**WHAT IS REQUIRED**
Please copy each line from the entries that contains the string "style".
SOURCE DATA: Begin
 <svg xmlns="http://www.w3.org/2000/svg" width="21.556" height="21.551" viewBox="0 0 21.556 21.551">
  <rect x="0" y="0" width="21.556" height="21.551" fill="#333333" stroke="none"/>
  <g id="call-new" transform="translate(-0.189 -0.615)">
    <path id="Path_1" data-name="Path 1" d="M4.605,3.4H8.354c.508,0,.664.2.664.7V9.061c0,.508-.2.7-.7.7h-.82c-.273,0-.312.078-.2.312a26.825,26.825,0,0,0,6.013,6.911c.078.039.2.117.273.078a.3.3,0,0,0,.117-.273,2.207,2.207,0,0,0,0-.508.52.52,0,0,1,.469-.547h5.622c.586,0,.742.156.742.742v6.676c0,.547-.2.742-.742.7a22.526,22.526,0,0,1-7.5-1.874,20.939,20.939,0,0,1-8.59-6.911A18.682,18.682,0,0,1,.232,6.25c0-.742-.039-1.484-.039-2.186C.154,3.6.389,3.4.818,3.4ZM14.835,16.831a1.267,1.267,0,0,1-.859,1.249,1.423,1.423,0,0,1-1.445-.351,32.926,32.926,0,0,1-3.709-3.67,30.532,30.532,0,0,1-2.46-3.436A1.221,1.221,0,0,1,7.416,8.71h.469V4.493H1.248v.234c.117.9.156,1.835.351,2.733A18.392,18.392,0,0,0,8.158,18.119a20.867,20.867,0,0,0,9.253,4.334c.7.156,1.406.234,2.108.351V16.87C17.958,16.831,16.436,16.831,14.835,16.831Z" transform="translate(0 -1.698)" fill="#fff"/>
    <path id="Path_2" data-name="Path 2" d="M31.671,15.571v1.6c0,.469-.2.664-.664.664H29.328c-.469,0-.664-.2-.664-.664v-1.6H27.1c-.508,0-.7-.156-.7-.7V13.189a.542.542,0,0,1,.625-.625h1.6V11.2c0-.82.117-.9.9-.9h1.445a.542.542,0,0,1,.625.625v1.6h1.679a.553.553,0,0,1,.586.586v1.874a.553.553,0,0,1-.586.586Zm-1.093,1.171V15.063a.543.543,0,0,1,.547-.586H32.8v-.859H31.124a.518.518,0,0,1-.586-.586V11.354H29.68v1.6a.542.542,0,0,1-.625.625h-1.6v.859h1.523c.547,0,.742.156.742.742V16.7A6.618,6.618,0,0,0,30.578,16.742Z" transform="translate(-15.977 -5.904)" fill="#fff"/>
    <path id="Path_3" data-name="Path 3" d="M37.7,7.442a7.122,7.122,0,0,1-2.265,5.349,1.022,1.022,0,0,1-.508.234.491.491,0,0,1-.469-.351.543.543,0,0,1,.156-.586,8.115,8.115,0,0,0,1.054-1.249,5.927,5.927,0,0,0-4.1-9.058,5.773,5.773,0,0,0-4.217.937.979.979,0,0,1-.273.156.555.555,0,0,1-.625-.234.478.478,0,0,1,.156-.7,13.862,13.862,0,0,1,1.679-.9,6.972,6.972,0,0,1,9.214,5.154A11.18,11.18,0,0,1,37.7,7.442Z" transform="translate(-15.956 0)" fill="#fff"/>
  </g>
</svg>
SOURCE DATA: End
SOURCE DATA: Begin
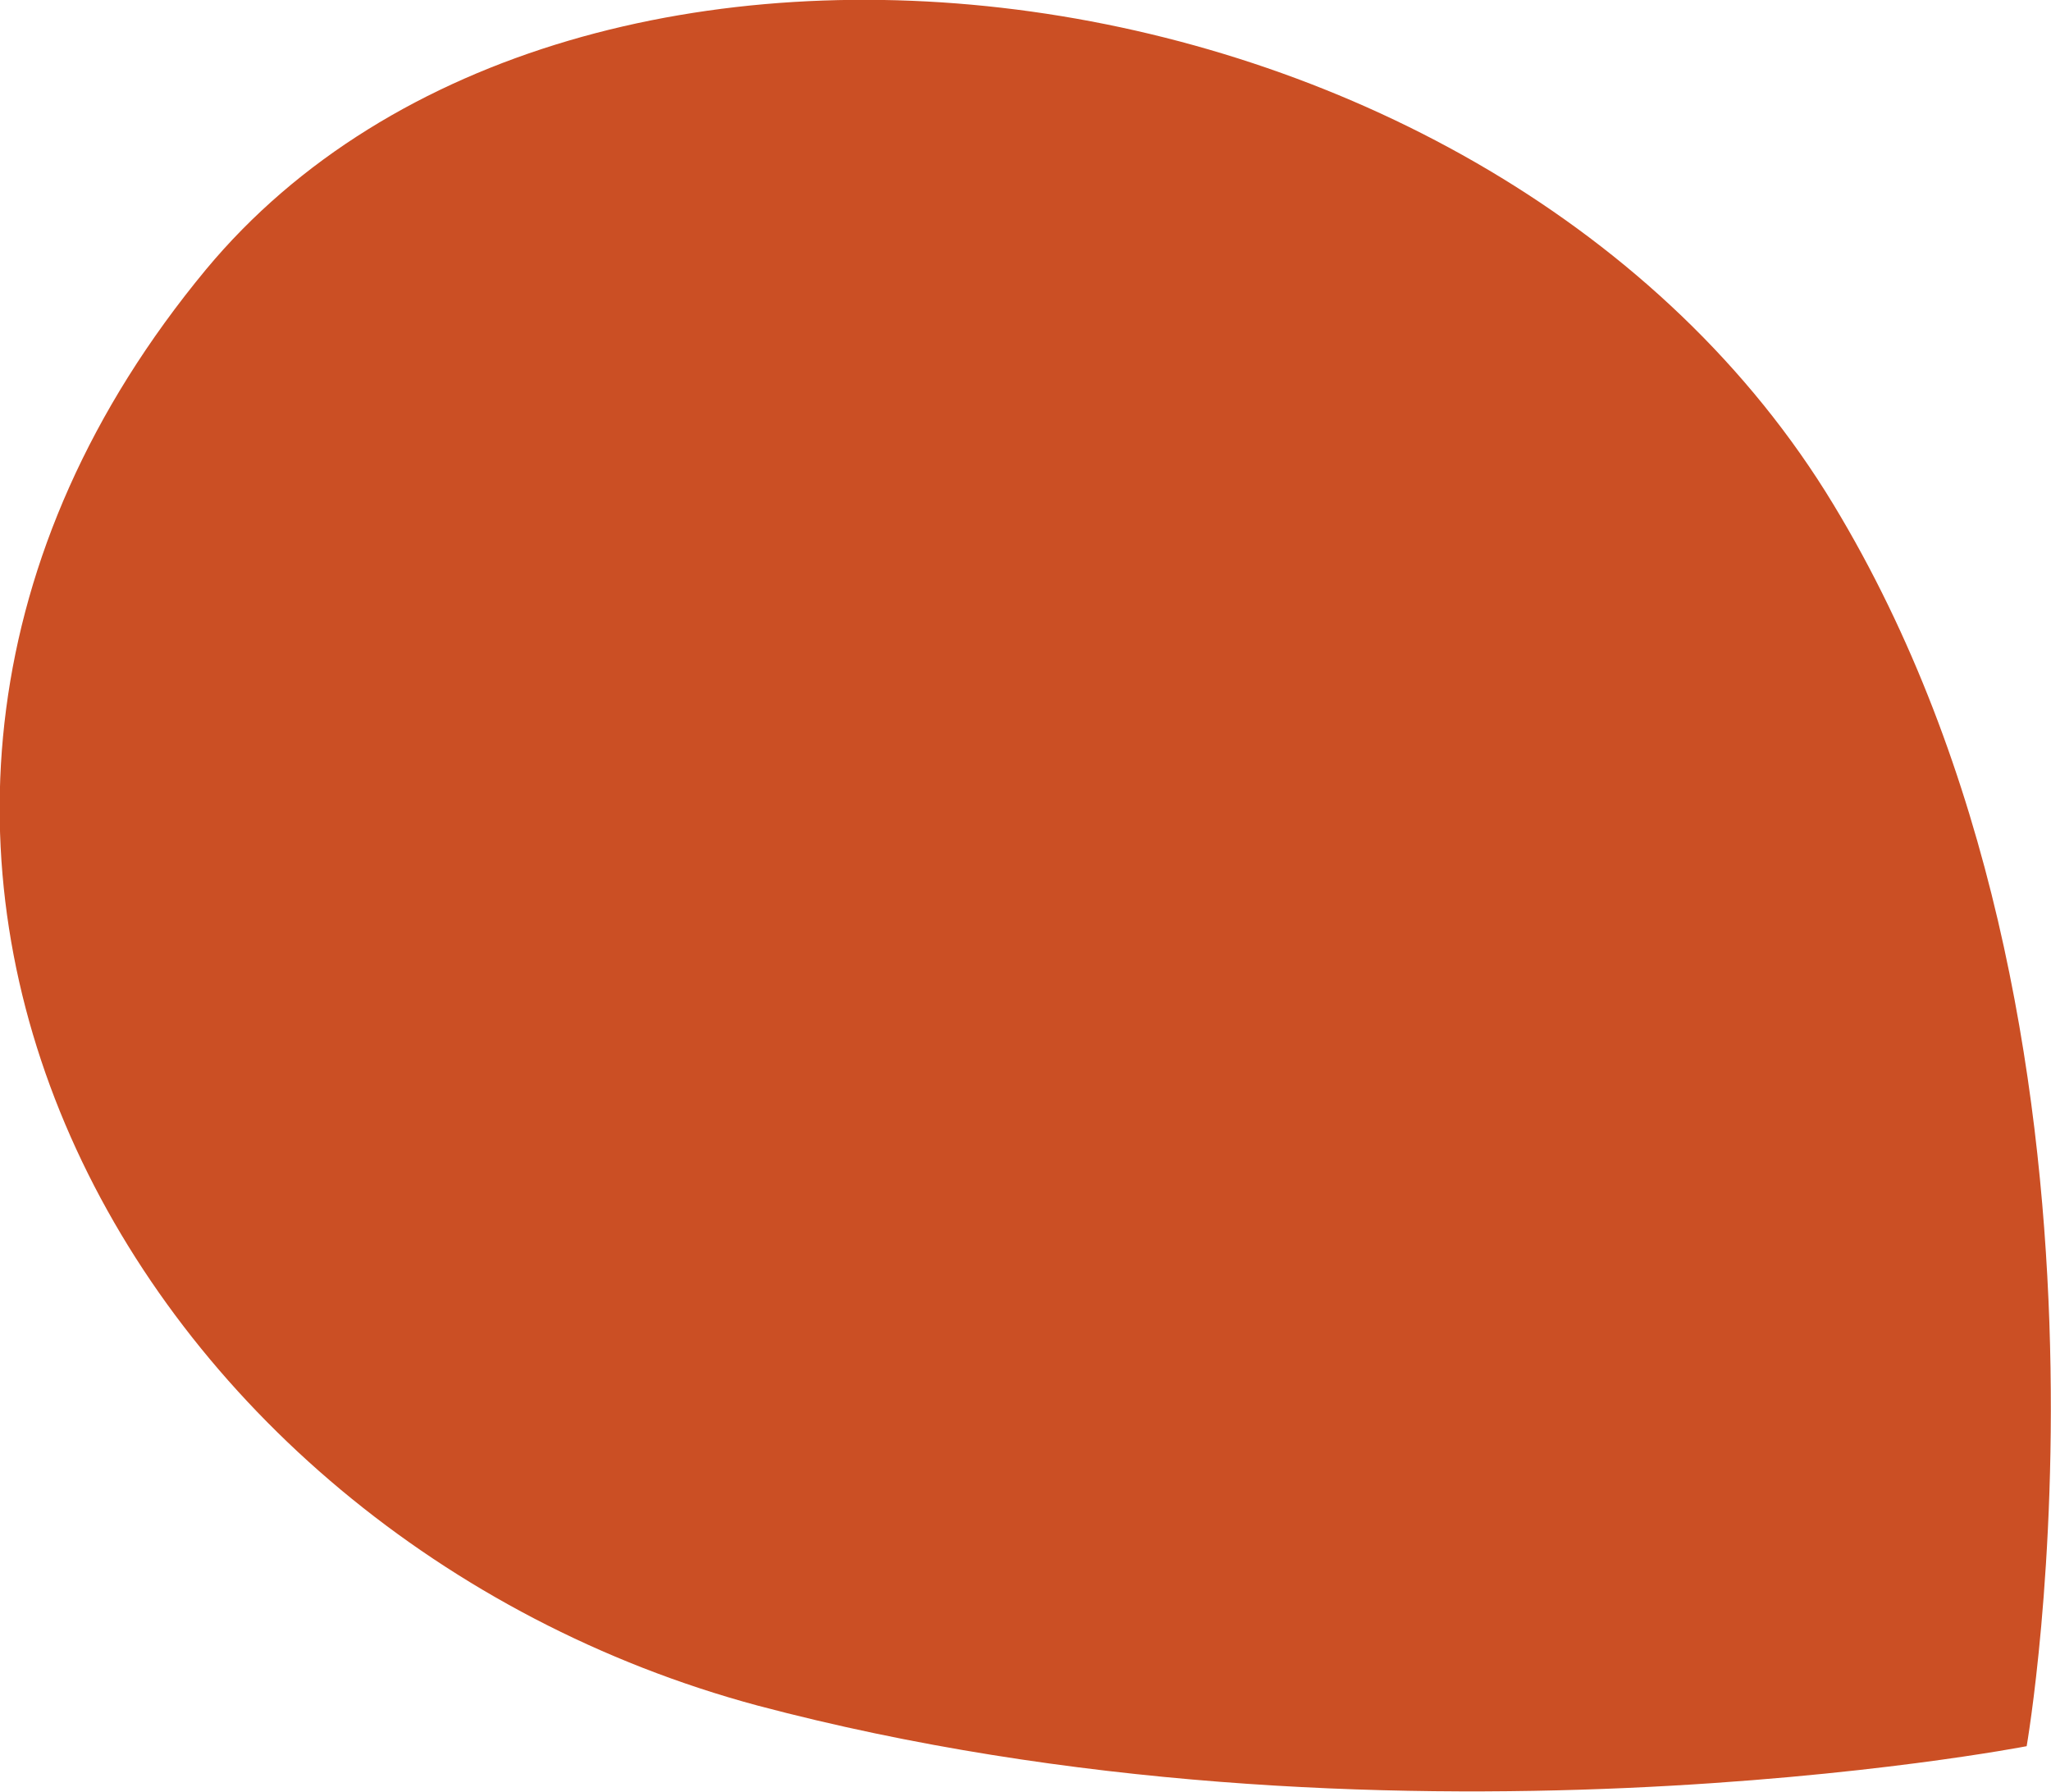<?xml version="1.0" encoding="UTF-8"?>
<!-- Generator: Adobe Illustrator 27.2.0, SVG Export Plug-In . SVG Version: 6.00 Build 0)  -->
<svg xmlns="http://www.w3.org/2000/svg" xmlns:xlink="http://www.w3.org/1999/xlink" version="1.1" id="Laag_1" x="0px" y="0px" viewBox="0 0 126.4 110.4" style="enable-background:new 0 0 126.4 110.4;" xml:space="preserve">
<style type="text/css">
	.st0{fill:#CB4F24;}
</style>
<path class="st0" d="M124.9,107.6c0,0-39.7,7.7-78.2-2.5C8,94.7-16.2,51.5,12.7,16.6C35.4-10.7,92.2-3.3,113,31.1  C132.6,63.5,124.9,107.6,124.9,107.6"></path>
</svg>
SOURCE DATA: End
**YOUR SOLUTION**
<svg xmlns="http://www.w3.org/2000/svg" xmlns:xlink="http://www.w3.org/1999/xlink" version="1.1" id="Laag_1" x="0px" y="0px" viewBox="0 0 126.4 110.4" style="enable-background:new 0 0 126.4 110.4;" xml:space="preserve">
<style type="text/css">
</style>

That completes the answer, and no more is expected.